The Treasury Department has officially released its final list of occupations eligible for the new “no tax on tips” deduction under the One Big Beautiful Bill Act (OBBBA). Published on October 2, 2025, the list offers the first formal look at how Treasury is applying the phrase “customarily and regularly receives tips.” The inclusion of certain roles may raise questions for employers, particularly where definitions differ from existing labor standards.
Notably, the list includes some occupations not traditionally recognized as tipped under current Department of Labor (DOL) rules, such as cooks, dishwashers, tattoo artists, and tour guides, indicating a broader interpretation of tipping practices across industries.
The Treasury’s final list organizes tipped occupations into eight broad categories; each assigned a three-digit code. This system is designed to help define eligibility for the OBBBA’s tip deduction:
- 100s – Beverage and Food Service
- 200s – Entertainment and Events
- 300s – Hospitality and Guest Services
- 400s – Home Services
- 500s – Personal Services
- 600s – Personal Appearance and Wellness
- 700s – Recreation and Instruction
- 800s – Transportation and Delivery
In total, 68 occupations are included. These roles represent a wide range of industries where tipping is either common or occurs on a regular basis.
While the Treasury list is intended to support a tax deduction under the OBBBA, it does not align with how the DOL defines tipped work under the Fair Labor Standards Act (FLSA). For example, under FLSA, roles like cooks and dishwashers are not eligible for tip pooling or the tip credit toward minimum wage. However, the Treasury included these occupations for the purpose of the deduction.
This difference may create some issues for employers that are subject to both tax and hourly wage rules. It is currently unclear whether the two agencies will seek to align their definitions in future guidance.
Potential adjustments for employers may need to be made following the broad scope of the Treasury’s list. Employers with workers who perform both tipped and non-tipped functions may benefit from reduced administrative burdens if both roles fall under the Treasury’s approved list.

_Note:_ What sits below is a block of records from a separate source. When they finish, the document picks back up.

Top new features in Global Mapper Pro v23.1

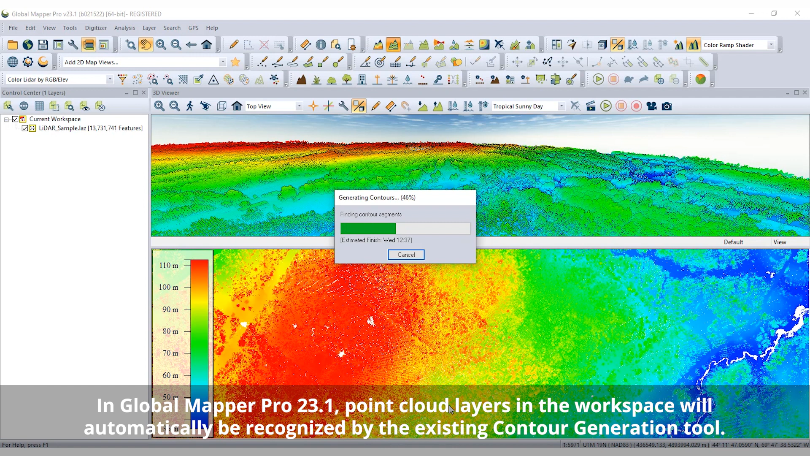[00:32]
workflows in Global Mapper Pro can be streamlined with the new option to generate contour lines from point cloud data. With an additional option to apply advanced filtering to the point cloud,
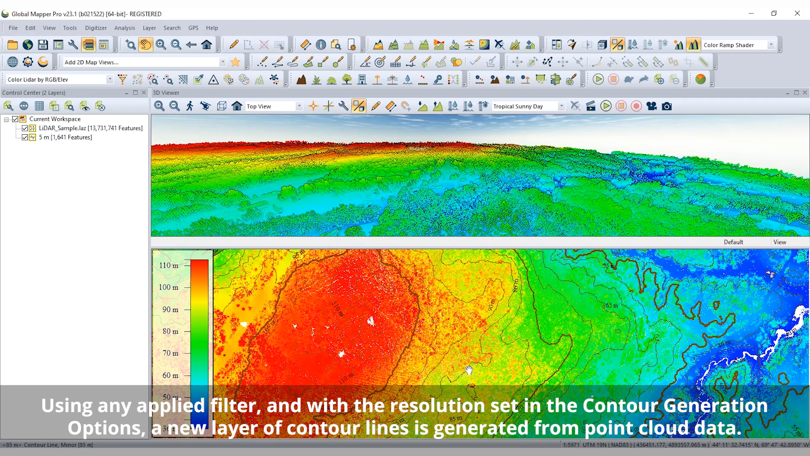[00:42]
the updated contour generation tool creates an elevation grid
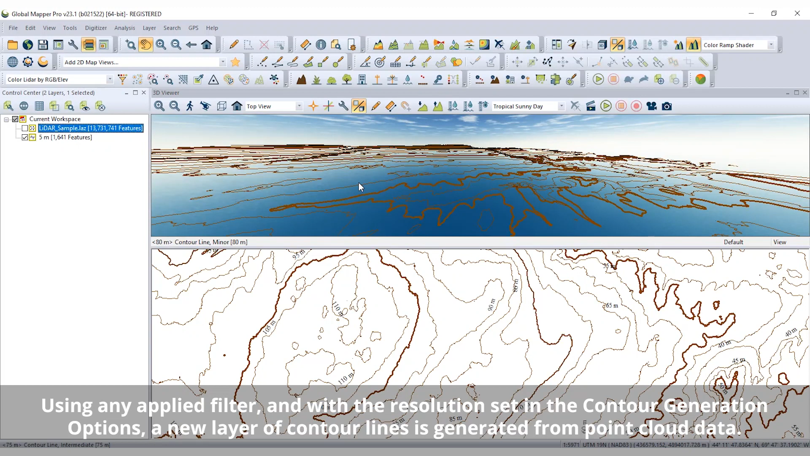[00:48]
in the background in order to produce a layer of contour lines.
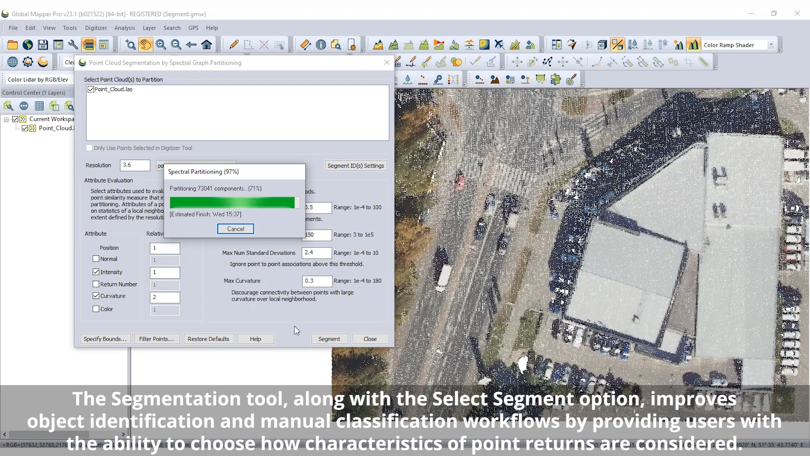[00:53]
Aiding in object identification and manual classification of point cloud data, Global Mapper Pro's segmentation tool now allows filtering and merging identified segments and
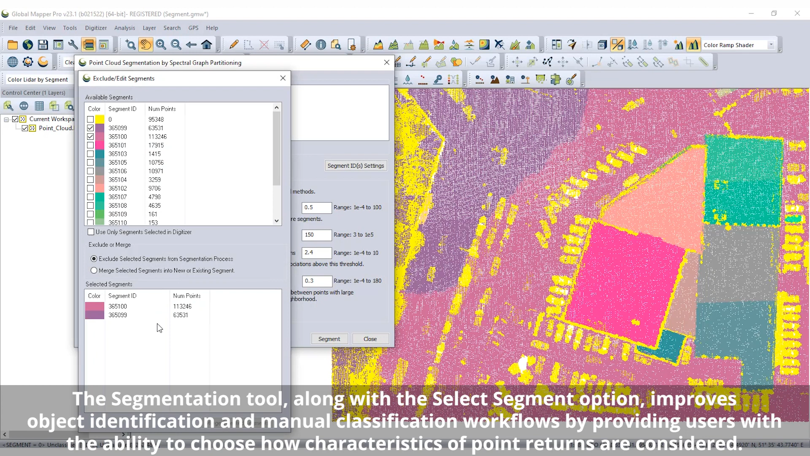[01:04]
can consider the RGB color values of point returns in the point-to-point similarity measure. The segment ID settings in the segmentation tool allow the renaming and merging of identified segments,
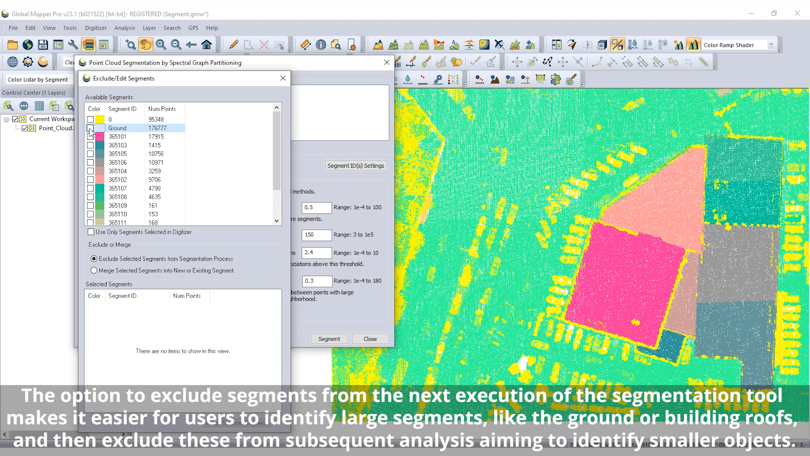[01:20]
as well as the option to exclude specific segments from subsequent segmentation analyses.

Businesses may need to reassess their tip-tracking systems to ensure proper documentation for the new deduction, even if their employees aren’t traditionally classified as tipped under the FLSA. Additionally, employers should be aware of the differences between Treasury and DOL definitions to remain complaint across both tax and labor regulations.
To prepare for the implementation of the new tip deduction, employers may want to take several steps. First, it’s important to review the final list of occupations released by Treasury to determine whether any roles within your organization are affected. This initial review can help identify employees who may be eligible for the deduction and flag any positions that could require further evaluation.
Next, employers should assess their current payroll and tip reporting processes to ensure they meet IRS requirements. Accurate tracking and documentation of tipped income will be essential for both compliance and for employees seeking to claim the deduction.
Additionally, staying informed of future guidance from both the Treasury Department and the Department of Labor will be important. As the implementation continues, more guidance may be provided, especially where rules or definitions overlap or conflict.
The Treasury Department has indicated that the final list is “substantially the same” as the preliminary version released earlier in 2025. While few changes are expected, additional clarification may be issued as tax season approaches or in response to ongoing public comment and feedback. For now, the final list provides a clearer framework for understanding which occupations may qualify for the tip deduction under the OBBBA, even in cases where those roles are not traditionally classified as tipped positions under labor regulations.
If you have questions about how this development could impact your business or your employees, we suggest you consult with your tax advisor or legal counsel. We will continue to monitor updates from Treasury and other federal agencies and share new information as it becomes available.